例えば、液体燃料としてメタノール水溶液をそのまま使用するダイレクトメタノール型燃料電池(以下、DMFCという。)では、下式(化学式1)で表される反応がアノードで起こり、下式(化学式2)で表される反応がカソードで起こる。
(化学式1);CHOH + HO →CO + 6H + 6e
(化学式2);6H + 6e + 3/2O → 3H
液体燃料を使用した燃料電池システムは、小型、軽量化が容易であるために、今日では携帯機器をはじめとした種々の電子機器用電源としての研究開発が活発に進められている。ここで、パーソナルコンピュータ(PC)のような電子機器の電源として用いる場合、単一のMEAでは出力が小さく、必要とする電圧を得られないことがある。このため、複数の燃料電池セルを電気的に接続して使用することになる(以下、燃料電池システムの発電における最小ユニットを燃料電池セルと記載し、その燃料電池セルの集合体を燃料電池スタックと記載する)。
燃料電池スタックは、筐体に納められて使用されることがある。燃料電池システムを筐体に納めた場合、化学式2で示されるようにカソードで発生した水分が、筐体と燃料電池システムとの間の狭い空間で結露することがある。結露した水が、カソード面を覆い尽くすと、出力を低下させるほどのフラッディングが起こる場合もある。フラッディングが起きた燃料電池セルでは、酸化剤ガス(空気)が不十分な状態で強制的に電流が流されるので、MEAの破損に繋がる。一方で、MEAが乾燥しすぎた場合には、イオン伝導性が失われて発電効率が落ちる場合がある。よって、燃料電池システムにおいて、結露する水を管理し、適切な湿度に保つ技術の提供が望まれる。
ところで、このような複数の燃料電池セルで構成された燃料電池システムとしては、複数の燃料電池セルが厚み方向に積層したバイポーラ型と、複数の燃料電池セルが平面的に並ぶ平面スタック型とが知られている。
バイポーラ型の場合における結露する水の管理に関しては、いくつかの報告がある。フラッディングを防止するための技術として、例えば、特開2004−185935号公報には、酸化剤ガスを燃料電池セルに分配する供給マニホールド内に、ガス流路全体を覆うことのできる大きさの仕切り板を設け、その仕切り板の下方に、仕切り板で結露した水を受けるドレイン受けを設けることが記載されている。
また、特開平5−283094号公報には、アノードとカソードとが水分通路で連結され、少なくとも通路の水分発生極に接する部分が水分浸透性を有する物質よりなることを特徴とする燃料電池が記載されている。
また、特開2005−322595号公報には、電極に積層されるセパレータに設けられた供給用ガス流路と排出用ガス流路とが非連通である場合に、その供給用ガス流路とその排出用ガス流路との間を形成するそのセパレータの部材が多孔質であることが記載されている。

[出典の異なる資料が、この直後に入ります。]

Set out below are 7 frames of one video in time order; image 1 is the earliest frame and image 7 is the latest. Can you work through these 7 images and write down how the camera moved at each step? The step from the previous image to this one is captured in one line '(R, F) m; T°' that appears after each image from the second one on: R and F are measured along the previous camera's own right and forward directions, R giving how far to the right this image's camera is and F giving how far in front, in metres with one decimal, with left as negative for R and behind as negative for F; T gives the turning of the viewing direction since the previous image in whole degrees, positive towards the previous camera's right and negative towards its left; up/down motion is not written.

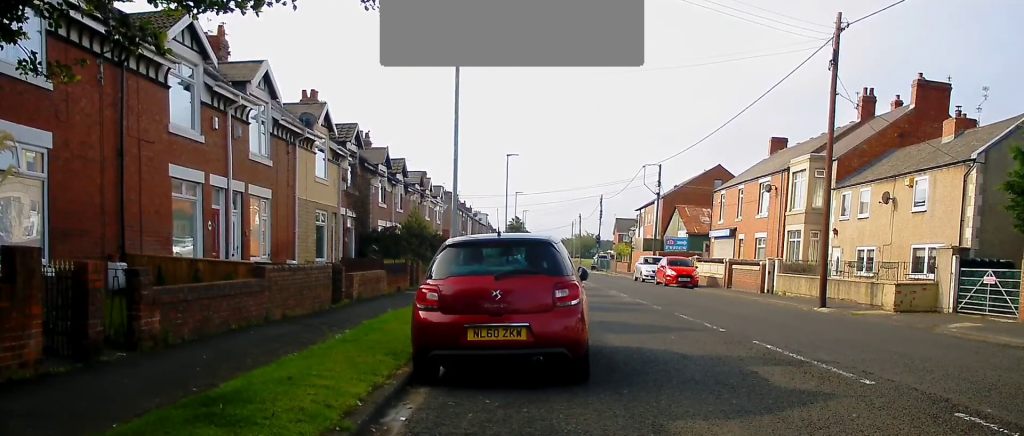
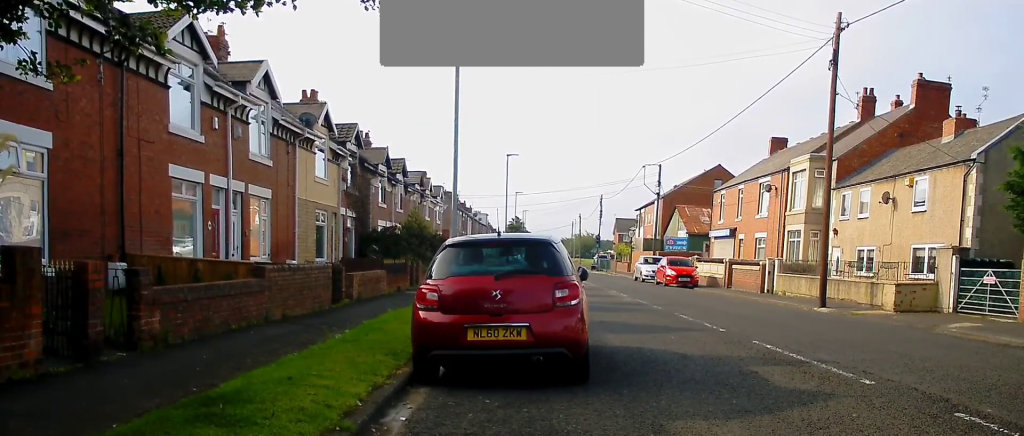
(0.0, 0.0) m; 0°
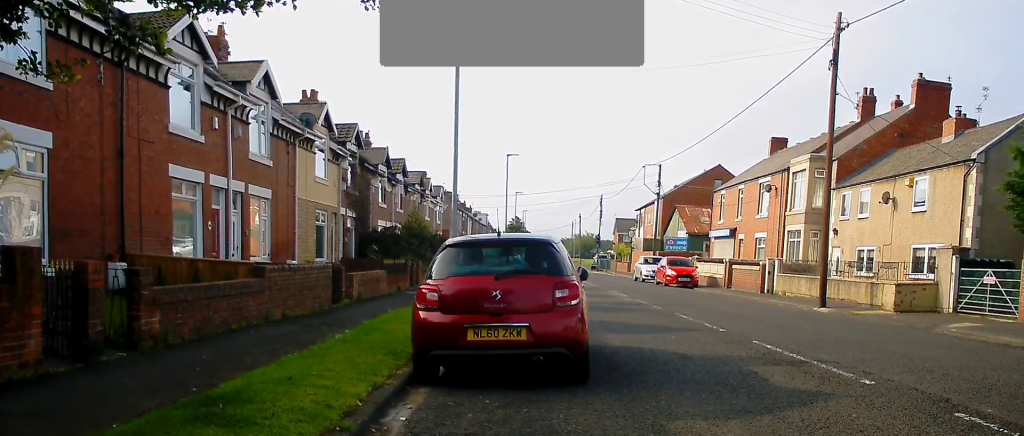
(0.0, 0.0) m; 0°
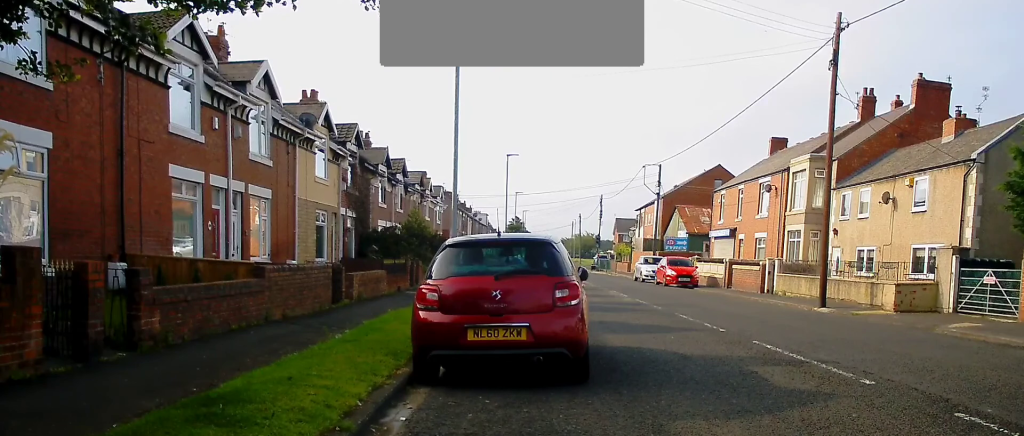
(0.0, 0.0) m; 0°
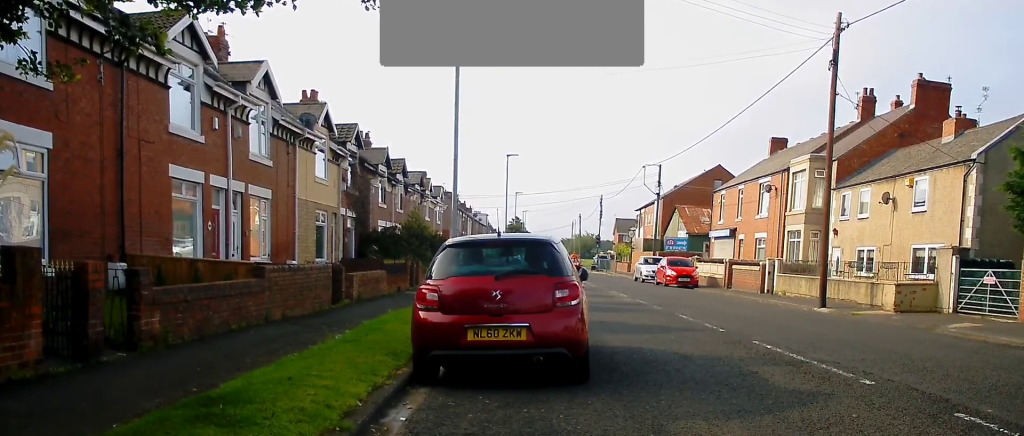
(0.0, 0.0) m; 0°
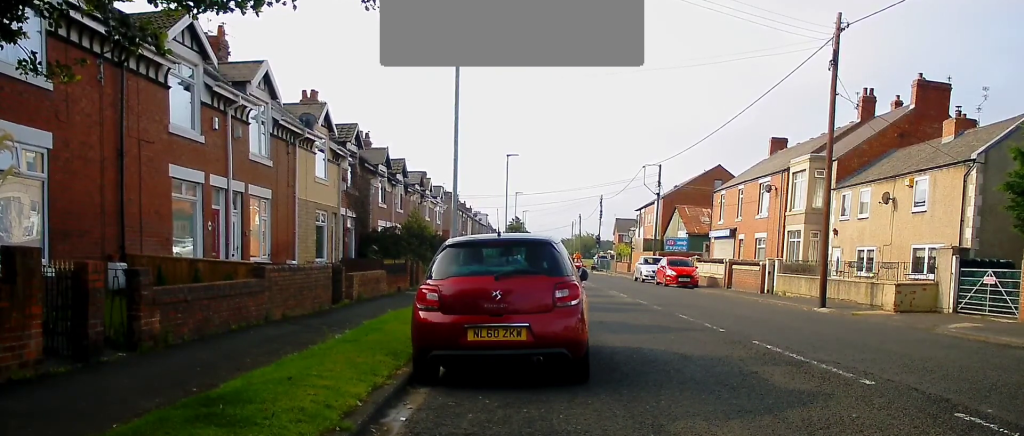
(0.0, 0.0) m; 0°
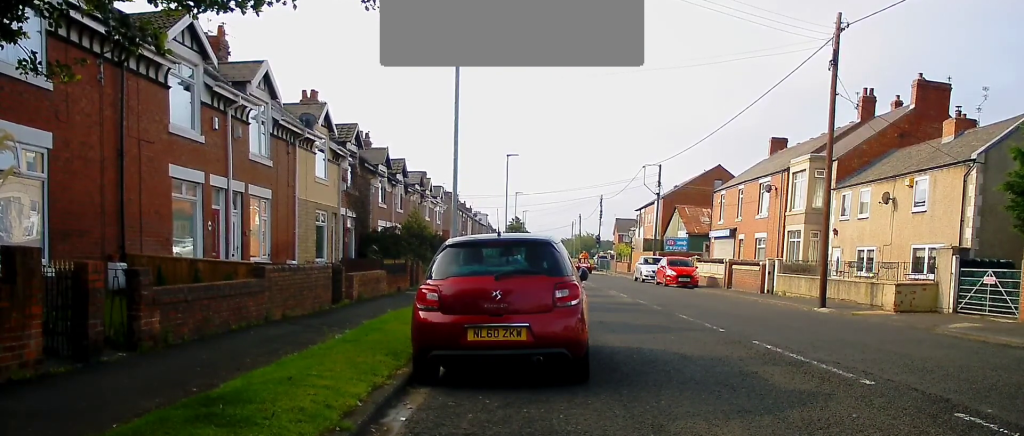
(0.0, 0.0) m; 0°

また、特開2000−164229号公報には、カソードの乾燥を防ぐための技術が記載されている。この特開2000−164229号公報には、固体高分子膜を電解質とする固体高分子型燃料電池スタックと、電池反応部を通過した既反応ガスと電池反応部を通過する未反応ガスを、保水性の多孔質体を介して接触させることにより、温度及び湿度交換を行う温湿度交換手段とを備え、その酸化剤ガスの少なくとも一方は、その多孔質体と接するように設けられた少なくとも一層のメッシュ状のガス供給経路内を流通するように構成したことを特徴とする固体高分子型燃料電池システム、が記載されている。
また、特開2004−241367号公報は、MEAとセパレータとを有し、セパレータのMEA対向面に反応ガス流路が形成されている燃料電池であって、そのセパレータの少なくとも一部に多孔質部を形成し、その多孔質部の反応ガス流路背面に冷却用ガス流路を形成した燃料電池、を開示している。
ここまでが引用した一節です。